──────── GIVEN RECORDS ────────

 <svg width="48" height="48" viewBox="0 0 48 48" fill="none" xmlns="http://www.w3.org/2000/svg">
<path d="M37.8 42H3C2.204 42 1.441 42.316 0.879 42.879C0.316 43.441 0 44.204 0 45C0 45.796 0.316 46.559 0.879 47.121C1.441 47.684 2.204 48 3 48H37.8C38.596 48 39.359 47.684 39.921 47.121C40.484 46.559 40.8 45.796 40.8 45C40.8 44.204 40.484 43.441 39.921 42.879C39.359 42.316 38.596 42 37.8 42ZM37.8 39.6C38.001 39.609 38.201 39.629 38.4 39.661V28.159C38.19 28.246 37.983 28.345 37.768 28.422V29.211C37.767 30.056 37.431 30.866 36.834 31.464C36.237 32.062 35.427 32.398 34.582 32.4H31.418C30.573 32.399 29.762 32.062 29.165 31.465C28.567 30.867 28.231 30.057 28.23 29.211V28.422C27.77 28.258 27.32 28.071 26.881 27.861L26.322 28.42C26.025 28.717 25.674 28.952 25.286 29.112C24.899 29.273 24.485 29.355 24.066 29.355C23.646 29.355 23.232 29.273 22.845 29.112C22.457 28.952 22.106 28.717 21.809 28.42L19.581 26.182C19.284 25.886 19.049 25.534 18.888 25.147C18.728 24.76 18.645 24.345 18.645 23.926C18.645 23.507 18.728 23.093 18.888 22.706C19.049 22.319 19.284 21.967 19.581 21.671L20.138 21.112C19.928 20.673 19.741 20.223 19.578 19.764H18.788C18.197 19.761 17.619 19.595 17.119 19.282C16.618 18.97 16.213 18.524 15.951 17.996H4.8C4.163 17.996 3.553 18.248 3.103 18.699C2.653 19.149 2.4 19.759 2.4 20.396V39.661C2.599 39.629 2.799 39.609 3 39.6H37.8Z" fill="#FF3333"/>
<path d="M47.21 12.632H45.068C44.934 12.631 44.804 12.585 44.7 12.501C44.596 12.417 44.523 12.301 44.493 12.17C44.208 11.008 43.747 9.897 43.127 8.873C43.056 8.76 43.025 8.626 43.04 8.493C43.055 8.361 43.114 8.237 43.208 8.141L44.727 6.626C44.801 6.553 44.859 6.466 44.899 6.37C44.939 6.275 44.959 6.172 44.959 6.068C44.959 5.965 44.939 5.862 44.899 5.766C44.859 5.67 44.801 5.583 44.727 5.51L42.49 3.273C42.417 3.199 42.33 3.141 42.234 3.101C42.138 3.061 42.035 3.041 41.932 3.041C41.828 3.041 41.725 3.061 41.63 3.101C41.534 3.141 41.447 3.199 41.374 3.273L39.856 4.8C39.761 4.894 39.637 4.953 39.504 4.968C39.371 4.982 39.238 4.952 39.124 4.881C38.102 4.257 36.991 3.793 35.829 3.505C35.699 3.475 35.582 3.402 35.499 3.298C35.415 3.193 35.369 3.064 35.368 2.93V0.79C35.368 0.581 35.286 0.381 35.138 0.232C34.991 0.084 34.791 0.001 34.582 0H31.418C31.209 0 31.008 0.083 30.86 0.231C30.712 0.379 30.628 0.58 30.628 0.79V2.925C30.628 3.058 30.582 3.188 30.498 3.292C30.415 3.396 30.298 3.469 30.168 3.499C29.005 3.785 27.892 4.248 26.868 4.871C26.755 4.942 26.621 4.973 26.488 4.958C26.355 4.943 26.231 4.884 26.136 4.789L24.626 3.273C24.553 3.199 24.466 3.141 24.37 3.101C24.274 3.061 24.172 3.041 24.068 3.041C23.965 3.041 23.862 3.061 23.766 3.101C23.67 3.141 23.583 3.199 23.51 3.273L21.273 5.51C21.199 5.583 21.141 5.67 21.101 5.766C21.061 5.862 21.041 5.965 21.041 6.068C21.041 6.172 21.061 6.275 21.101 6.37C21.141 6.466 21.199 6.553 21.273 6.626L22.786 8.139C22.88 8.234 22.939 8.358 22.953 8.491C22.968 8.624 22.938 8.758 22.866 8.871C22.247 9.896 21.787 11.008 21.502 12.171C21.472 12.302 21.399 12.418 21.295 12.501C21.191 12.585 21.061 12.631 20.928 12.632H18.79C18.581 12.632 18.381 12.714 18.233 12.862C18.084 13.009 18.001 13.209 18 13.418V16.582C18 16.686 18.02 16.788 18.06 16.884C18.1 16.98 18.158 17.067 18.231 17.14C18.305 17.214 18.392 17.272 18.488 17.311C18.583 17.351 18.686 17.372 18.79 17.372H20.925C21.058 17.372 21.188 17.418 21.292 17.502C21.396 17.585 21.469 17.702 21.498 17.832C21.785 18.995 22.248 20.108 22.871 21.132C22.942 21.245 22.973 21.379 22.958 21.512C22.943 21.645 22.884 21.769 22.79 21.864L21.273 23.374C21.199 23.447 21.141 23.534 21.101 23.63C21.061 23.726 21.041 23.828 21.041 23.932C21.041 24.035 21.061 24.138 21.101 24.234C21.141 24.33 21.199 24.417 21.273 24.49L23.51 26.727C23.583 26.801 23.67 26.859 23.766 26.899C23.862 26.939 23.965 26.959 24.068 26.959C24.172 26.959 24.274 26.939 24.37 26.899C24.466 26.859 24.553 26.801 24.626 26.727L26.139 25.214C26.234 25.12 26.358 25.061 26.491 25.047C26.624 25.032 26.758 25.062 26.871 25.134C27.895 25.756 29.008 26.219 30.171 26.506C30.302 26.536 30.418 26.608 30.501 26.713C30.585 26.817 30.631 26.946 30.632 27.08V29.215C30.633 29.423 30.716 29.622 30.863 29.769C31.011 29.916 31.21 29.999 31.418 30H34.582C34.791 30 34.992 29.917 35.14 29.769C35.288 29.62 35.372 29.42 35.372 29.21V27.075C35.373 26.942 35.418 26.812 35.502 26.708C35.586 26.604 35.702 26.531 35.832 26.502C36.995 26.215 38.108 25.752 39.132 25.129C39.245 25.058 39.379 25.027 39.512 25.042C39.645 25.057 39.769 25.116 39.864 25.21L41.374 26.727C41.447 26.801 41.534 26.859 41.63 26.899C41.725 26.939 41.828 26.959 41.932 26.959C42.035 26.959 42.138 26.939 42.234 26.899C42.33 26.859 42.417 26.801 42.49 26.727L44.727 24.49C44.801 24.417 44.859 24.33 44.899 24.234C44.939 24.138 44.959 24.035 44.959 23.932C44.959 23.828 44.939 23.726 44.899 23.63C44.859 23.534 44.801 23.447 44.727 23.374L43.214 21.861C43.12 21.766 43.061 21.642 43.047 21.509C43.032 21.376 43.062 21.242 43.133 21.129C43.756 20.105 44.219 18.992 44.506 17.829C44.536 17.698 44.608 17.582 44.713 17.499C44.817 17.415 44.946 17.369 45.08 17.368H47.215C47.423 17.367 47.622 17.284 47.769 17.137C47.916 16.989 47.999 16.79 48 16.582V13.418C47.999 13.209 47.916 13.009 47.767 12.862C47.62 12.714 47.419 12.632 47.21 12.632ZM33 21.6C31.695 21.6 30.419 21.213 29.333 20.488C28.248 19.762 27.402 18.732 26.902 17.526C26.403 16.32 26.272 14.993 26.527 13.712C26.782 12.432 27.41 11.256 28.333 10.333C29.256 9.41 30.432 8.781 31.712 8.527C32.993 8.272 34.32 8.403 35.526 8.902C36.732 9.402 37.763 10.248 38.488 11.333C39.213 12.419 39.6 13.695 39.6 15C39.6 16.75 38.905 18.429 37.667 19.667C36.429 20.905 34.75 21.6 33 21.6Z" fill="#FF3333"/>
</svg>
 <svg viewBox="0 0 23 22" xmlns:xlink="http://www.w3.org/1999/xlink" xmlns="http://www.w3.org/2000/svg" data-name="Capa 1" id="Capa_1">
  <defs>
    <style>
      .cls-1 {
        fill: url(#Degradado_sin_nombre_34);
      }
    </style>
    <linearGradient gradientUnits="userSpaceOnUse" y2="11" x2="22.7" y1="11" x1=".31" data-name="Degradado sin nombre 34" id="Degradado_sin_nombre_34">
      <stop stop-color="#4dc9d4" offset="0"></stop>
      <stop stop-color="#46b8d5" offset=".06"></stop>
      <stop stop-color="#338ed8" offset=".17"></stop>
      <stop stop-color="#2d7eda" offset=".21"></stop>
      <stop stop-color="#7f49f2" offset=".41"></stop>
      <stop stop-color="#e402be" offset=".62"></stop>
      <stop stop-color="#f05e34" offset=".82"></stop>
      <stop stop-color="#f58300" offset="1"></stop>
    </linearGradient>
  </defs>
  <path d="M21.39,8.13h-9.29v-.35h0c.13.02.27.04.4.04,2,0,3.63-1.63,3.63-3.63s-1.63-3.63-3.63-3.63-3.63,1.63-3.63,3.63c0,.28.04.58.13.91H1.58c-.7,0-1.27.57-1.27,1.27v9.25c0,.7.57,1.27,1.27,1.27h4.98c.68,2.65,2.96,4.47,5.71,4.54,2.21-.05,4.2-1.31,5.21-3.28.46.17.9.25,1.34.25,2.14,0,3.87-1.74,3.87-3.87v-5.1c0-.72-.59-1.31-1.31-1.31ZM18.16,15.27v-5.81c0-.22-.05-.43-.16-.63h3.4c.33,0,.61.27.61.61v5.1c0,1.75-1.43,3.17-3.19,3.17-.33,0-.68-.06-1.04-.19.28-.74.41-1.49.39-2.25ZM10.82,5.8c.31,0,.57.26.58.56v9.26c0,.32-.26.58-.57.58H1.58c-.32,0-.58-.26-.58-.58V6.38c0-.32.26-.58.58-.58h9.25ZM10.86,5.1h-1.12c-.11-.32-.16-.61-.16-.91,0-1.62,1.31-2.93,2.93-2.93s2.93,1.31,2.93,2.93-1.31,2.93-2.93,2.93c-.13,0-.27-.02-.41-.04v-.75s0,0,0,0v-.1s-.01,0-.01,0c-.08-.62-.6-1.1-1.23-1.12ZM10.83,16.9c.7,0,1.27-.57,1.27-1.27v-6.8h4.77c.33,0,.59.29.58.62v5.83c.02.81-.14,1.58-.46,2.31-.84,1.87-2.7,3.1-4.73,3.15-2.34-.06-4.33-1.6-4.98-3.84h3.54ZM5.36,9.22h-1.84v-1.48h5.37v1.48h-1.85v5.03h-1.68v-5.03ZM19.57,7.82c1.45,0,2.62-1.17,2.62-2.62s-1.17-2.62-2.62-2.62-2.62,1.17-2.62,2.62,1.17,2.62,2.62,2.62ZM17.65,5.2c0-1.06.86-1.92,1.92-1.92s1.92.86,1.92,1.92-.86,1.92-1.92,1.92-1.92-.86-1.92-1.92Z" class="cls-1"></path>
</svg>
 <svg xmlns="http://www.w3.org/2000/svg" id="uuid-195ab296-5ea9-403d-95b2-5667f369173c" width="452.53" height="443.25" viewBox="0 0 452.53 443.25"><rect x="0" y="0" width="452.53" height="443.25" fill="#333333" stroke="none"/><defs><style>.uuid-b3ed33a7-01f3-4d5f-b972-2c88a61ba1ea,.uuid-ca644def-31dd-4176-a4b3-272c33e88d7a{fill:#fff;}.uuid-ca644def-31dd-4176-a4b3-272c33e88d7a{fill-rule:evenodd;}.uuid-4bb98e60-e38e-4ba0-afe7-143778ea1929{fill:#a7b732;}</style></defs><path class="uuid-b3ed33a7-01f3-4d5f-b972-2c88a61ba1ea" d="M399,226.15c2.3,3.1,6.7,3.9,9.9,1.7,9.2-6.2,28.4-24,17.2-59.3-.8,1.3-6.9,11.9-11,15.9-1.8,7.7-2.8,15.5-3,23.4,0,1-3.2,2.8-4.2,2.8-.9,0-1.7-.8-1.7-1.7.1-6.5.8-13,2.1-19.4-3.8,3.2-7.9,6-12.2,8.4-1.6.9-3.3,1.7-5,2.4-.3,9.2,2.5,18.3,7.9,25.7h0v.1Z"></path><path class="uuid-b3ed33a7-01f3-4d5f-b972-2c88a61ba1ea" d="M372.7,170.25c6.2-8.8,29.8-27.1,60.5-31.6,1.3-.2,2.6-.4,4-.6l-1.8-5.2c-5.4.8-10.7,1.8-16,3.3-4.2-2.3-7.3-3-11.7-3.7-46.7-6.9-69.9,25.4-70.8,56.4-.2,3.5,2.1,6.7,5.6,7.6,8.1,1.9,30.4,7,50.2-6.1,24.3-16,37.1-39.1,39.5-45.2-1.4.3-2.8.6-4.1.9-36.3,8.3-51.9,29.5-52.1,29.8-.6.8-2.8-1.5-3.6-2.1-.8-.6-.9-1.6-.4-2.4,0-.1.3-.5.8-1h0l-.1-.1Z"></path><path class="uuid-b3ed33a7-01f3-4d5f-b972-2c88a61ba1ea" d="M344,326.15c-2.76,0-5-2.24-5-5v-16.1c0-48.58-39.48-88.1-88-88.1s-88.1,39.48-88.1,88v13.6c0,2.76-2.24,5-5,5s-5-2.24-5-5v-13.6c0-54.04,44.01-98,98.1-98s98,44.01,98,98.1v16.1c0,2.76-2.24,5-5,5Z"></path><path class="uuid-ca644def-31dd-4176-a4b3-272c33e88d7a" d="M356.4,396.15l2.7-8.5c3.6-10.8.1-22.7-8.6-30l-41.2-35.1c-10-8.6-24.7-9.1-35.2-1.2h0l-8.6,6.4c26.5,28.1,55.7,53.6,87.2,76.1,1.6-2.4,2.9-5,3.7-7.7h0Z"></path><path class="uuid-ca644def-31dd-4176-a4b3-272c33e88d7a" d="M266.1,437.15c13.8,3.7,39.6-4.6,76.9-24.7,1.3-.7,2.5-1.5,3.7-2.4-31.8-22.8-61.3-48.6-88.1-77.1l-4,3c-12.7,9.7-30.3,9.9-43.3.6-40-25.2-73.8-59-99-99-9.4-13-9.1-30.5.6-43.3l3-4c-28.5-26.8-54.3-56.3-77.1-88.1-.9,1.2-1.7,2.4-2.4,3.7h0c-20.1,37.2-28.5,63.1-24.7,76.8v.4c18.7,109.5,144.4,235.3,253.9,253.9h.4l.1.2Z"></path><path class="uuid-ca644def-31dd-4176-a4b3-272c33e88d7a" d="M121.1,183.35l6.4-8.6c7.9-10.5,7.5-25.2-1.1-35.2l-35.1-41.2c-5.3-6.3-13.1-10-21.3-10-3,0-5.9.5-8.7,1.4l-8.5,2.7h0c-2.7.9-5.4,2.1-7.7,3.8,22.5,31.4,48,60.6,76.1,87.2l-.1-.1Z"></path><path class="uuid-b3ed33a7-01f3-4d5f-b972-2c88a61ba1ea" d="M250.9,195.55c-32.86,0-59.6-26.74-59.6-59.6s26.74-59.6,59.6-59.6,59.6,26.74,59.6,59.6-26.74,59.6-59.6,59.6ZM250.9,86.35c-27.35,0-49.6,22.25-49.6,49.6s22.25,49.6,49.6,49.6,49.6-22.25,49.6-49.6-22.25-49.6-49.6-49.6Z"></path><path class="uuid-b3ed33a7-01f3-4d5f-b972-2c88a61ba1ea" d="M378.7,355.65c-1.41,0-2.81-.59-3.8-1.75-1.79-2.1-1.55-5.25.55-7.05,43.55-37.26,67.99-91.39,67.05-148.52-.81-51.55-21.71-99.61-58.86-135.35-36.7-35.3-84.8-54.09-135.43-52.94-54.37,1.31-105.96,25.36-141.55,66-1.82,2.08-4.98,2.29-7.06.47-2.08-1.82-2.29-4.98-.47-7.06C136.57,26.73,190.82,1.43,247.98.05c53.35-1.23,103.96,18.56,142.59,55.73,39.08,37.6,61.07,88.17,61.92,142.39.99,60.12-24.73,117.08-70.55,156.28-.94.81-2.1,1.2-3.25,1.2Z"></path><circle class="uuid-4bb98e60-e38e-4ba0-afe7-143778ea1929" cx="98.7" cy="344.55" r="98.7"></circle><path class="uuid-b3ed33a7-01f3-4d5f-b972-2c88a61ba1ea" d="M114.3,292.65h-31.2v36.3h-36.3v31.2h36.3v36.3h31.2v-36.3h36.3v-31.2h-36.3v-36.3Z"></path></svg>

────────

Among the lines above, find those with the word "data" and list them.

TASK RESULT
 <svg viewBox="0 0 23 22" xmlns:xlink="http://www.w3.org/1999/xlink" xmlns="http://www.w3.org/2000/svg" data-name="Capa 1" id="Capa_1">
    <linearGradient gradientUnits="userSpaceOnUse" y2="11" x2="22.7" y1="11" x1=".31" data-name="Degradado sin nombre 34" id="Degradado_sin_nombre_34">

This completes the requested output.